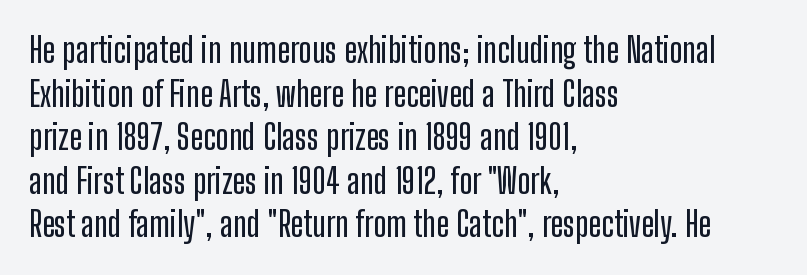
The font family rendered here belongs to the sans-serif group. The letters stand straight up with perfectly vertical stems. Look at the tracking — it's just the regular setting, nothing added. The face used here is proportionally spaced, like ordinary book or web type. Quick note: interline space is typical. A classic flush-left, rag-right setting is used for this passage.
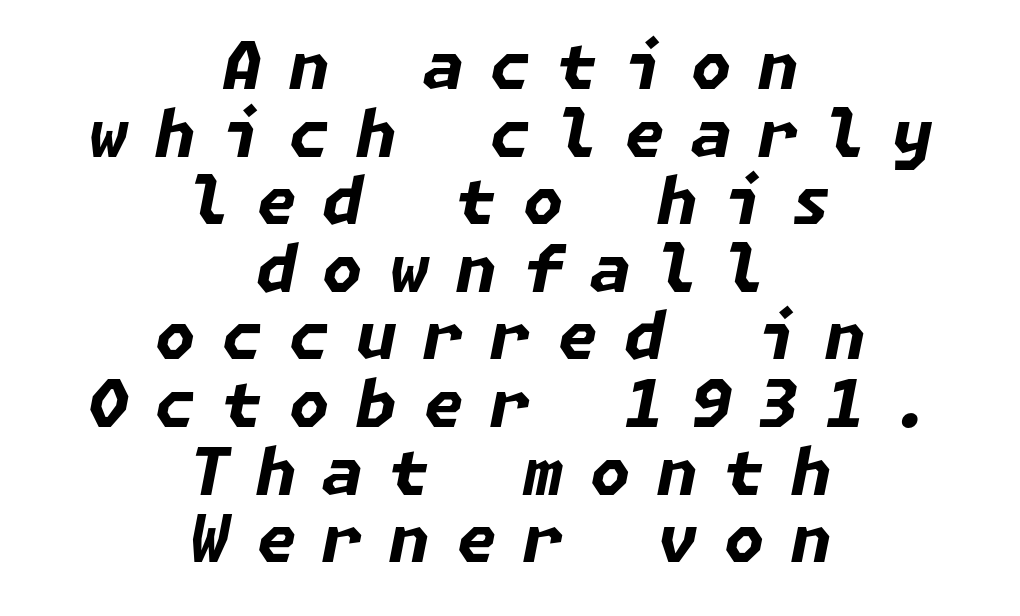
The image shows 65 px bold type, italic (leaning right); set centered, tight line spacing (1.04x), unusually wide letter spacing (+0.41 em), not underlined; low stroke contrast and a medium x-height.
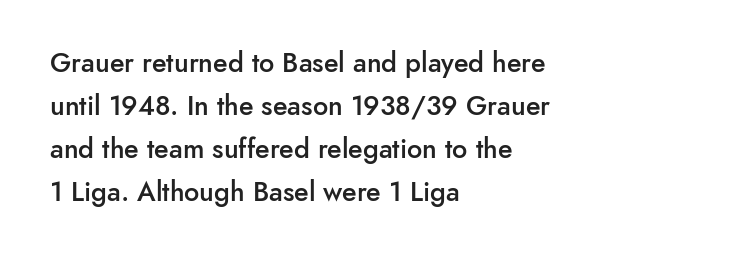
Decoration check: the copy has no underline. A classic flush-left, rag-right setting is used for this passage. Notice how descenders clear the ascenders below comfortably — that's standard leading. Tracking value appears to be zero — textbook default spacing.
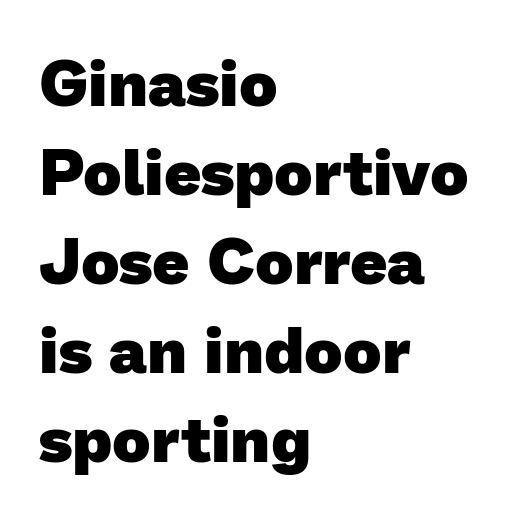
Q: Is the text bold? A: Yes.
Q: Is the typeface a serif or a sans-serif typeface? A: Sans-serif.
Q: Is the text underlined? A: No.
Q: How is the paragraph aligned? A: Left-aligned.
Q: Is the spacing between letters normal or unusually wide? A: Normal.
Q: Is the spacing between lines tight, normal or loose? A: Normal.
Q: Width (condensed, normal, or wide)? A: Normal.
Q: Stroke contrast? A: Low.
Q: x-height? A: Medium.
Q: Monospaced? A: No.
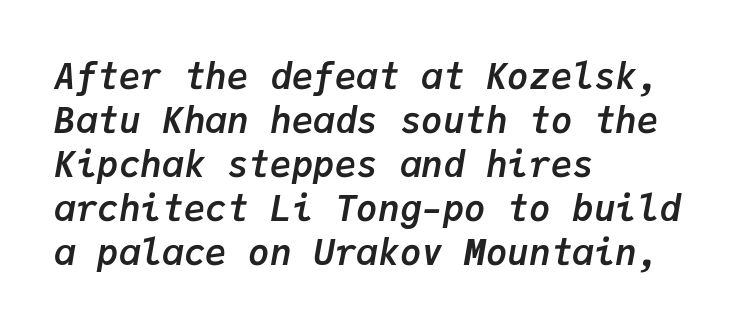
Alignment: flush left. Type without underlining. What weight is shown? A full bold with thick strokes. Observe the lean: these are italic letterforms. The letters march in equal steps, a hallmark of fixed-pitch type. Glyph-to-glyph distance matches everyday printed text.
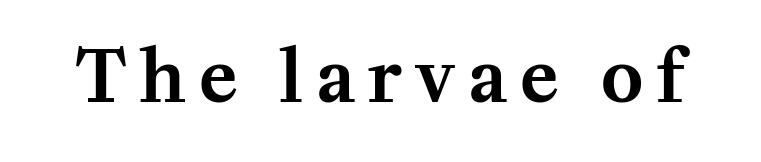
Q: Is the text italic (slanted)? A: No, it is upright.
Q: Is the typeface a serif or a sans-serif typeface? A: Serif.
Q: Is the text underlined? A: No.
Q: Width (condensed, normal, or wide)? A: Normal.
Q: Stroke contrast? A: Medium.
Q: x-height? A: Medium.
Q: Monospaced? A: No.
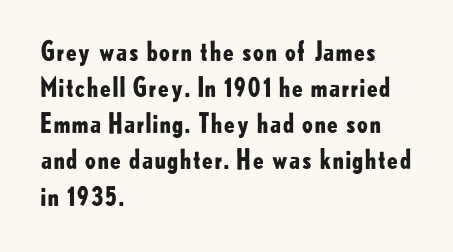
Q: Is the text bold? A: Yes.
Q: Is the text italic (slanted)? A: No, it is upright.
Q: Is the text underlined? A: No.
Q: How is the paragraph aligned? A: Left-aligned.
Q: Is the spacing between letters normal or unusually wide? A: Normal.
Q: Is the spacing between lines tight, normal or loose? A: Normal.

> [What is expected] Your answer should be each line from the entries that includes the string "sans".

> [Answer section]
The font family rendered here belongs to the sans-serif group. The letters stand straight up with perfectly vertical stems. Look at the tracking — it's just the regular setting, nothing added. The face used here is proportionally spaced, like ordinary book or web type. Quick note: interline space is typical. A classic flush-left, rag-right setting is used for this passage.
Q: Is the typeface a serif or a sans-serif typeface? A: Sans-serif.
Q: Is the typeface a serif or a sans-serif typeface? A: Serif.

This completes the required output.